THE TASK
Within the entries below, find the portion that opens with the line containing "1883 (Prot. No." and closes with the line containing "in seiner Sizung". Retype that portion exactly and only.

DATA LISTING Start Marker

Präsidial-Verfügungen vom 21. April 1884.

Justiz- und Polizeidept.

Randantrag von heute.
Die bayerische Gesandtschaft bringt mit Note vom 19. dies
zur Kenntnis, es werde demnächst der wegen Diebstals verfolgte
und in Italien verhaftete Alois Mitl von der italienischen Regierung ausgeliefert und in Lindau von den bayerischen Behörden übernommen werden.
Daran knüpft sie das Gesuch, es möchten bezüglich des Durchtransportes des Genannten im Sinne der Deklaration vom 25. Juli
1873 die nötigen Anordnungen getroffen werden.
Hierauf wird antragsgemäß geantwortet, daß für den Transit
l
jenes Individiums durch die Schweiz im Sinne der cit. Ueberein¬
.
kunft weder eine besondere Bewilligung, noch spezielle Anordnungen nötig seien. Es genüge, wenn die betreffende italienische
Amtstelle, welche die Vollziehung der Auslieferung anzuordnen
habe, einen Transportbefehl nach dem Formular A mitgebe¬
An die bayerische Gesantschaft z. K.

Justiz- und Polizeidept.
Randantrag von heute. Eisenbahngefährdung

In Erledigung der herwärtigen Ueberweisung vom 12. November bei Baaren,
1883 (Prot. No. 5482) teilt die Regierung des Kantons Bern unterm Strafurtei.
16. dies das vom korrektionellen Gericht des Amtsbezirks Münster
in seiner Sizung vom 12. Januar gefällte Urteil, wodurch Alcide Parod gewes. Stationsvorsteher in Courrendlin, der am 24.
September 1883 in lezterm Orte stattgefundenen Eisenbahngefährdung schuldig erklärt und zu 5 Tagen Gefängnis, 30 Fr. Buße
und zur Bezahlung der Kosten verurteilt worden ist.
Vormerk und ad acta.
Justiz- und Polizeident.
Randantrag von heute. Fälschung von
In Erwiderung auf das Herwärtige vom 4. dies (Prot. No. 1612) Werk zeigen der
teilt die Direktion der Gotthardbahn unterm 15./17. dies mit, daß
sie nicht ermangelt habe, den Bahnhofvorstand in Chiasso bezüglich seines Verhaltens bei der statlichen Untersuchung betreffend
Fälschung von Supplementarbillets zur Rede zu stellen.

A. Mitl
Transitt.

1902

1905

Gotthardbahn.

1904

DATA LISTING End Marker

EXERCISE RESPONSE
1883 (Prot. No. 5482) teilt die Regierung des Kantons Bern unterm Strafurtei.
16. dies das vom korrektionellen Gericht des Amtsbezirks Münster
in seiner Sizung vom 12. Januar gefällte Urteil, wodurch Alcide Parod gewes. Stationsvorsteher in Courrendlin, der am 24.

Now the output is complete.